▸ What you are asked to do
In this exercise, retype exactly and only the lines from the top of the entries below through the line that holds "Q: Is the text underlined? A: No.", omitting pictures.

▸ Data section

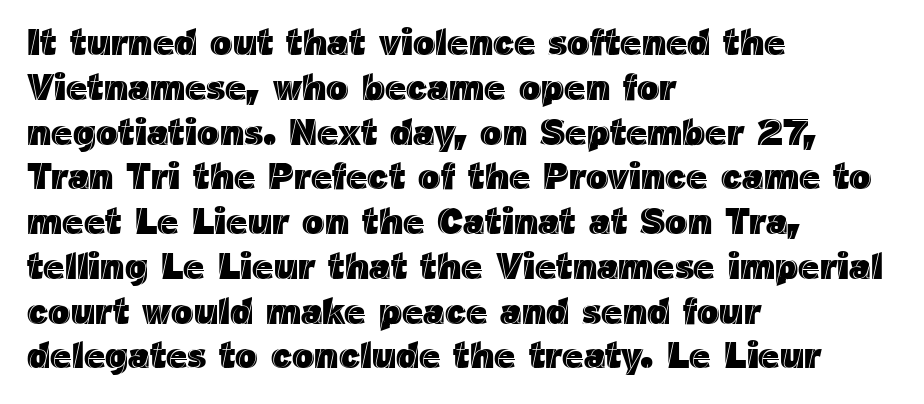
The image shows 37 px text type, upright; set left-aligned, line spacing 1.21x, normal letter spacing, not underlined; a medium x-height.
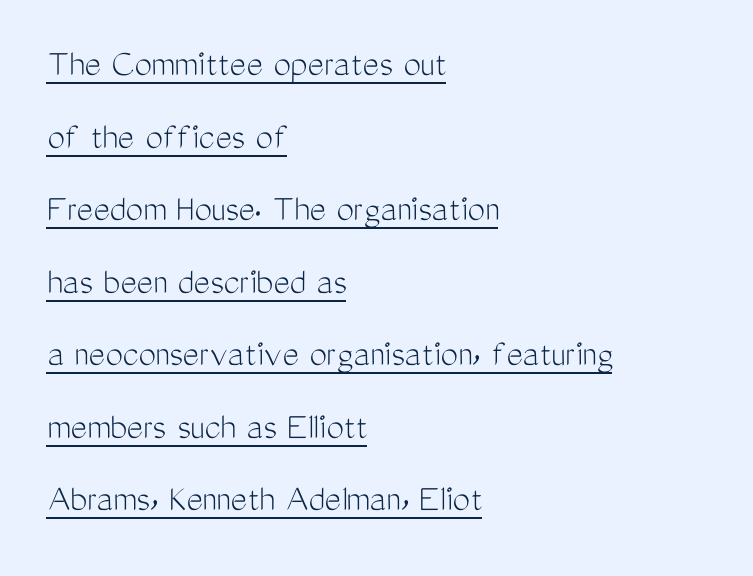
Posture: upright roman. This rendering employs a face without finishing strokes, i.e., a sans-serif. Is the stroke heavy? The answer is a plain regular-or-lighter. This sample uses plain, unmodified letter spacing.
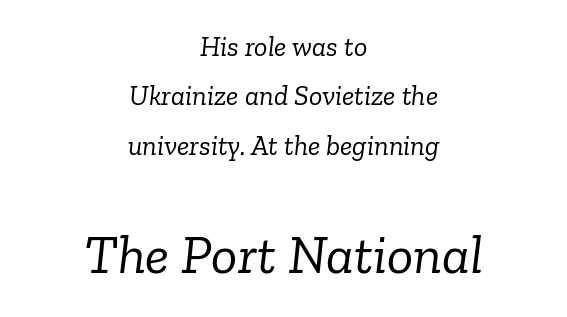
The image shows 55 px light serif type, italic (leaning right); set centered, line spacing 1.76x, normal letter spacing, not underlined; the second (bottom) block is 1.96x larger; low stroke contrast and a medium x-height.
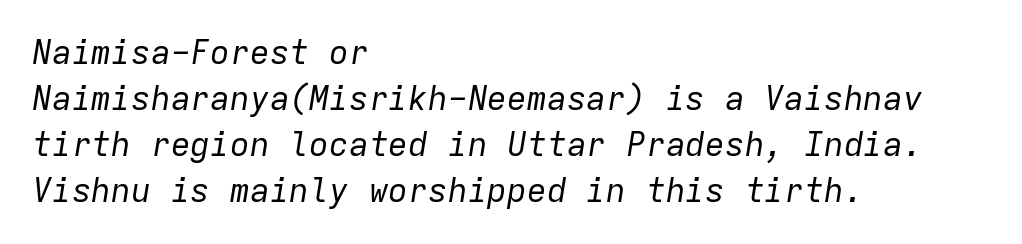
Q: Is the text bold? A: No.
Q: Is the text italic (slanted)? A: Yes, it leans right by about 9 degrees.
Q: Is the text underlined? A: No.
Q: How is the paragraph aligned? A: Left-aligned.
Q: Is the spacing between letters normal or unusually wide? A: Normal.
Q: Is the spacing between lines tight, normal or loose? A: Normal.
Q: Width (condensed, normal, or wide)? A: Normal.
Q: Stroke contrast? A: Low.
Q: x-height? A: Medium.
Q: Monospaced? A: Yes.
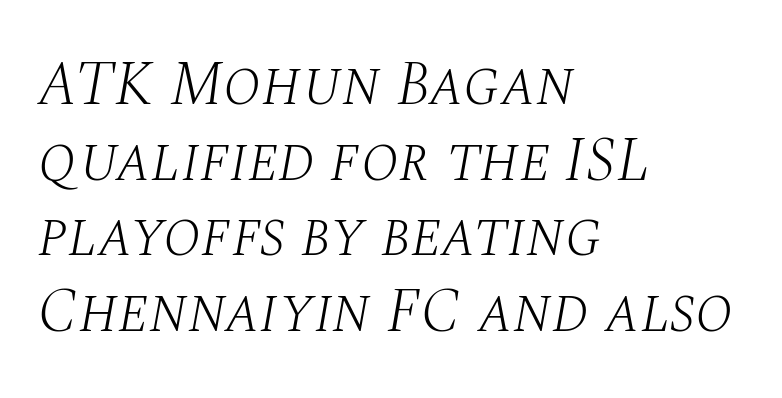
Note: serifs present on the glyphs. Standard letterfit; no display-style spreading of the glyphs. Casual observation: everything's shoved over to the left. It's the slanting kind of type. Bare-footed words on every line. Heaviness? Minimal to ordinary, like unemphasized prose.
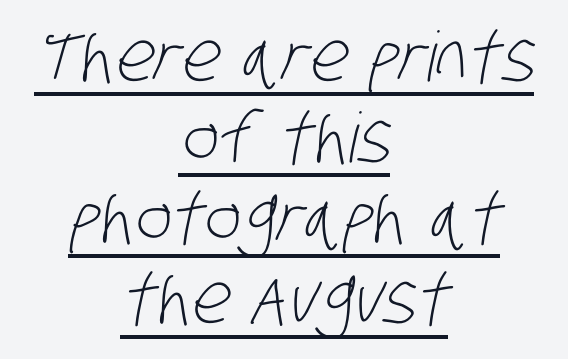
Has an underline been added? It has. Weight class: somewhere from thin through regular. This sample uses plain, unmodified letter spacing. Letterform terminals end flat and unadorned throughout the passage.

▸ Solution for this exercise
The image shows 37 px text type, upright; set left-aligned, line spacing 1.21x, normal letter spacing, not underlined; a medium x-height.
Posture: upright roman. This rendering employs a face without finishing strokes, i.e., a sans-serif. Is the stroke heavy? The answer is a plain regular-or-lighter. This sample uses plain, unmodified letter spacing.
The image shows 55 px light serif type, italic (leaning right); set centered, line spacing 1.76x, normal letter spacing, not underlined; the second (bottom) block is 1.96x larger; low stroke contrast and a medium x-height.
Q: Is the text bold? A: No.
Q: Is the text italic (slanted)? A: Yes, it leans right by about 9 degrees.
Q: Is the text underlined? A: No.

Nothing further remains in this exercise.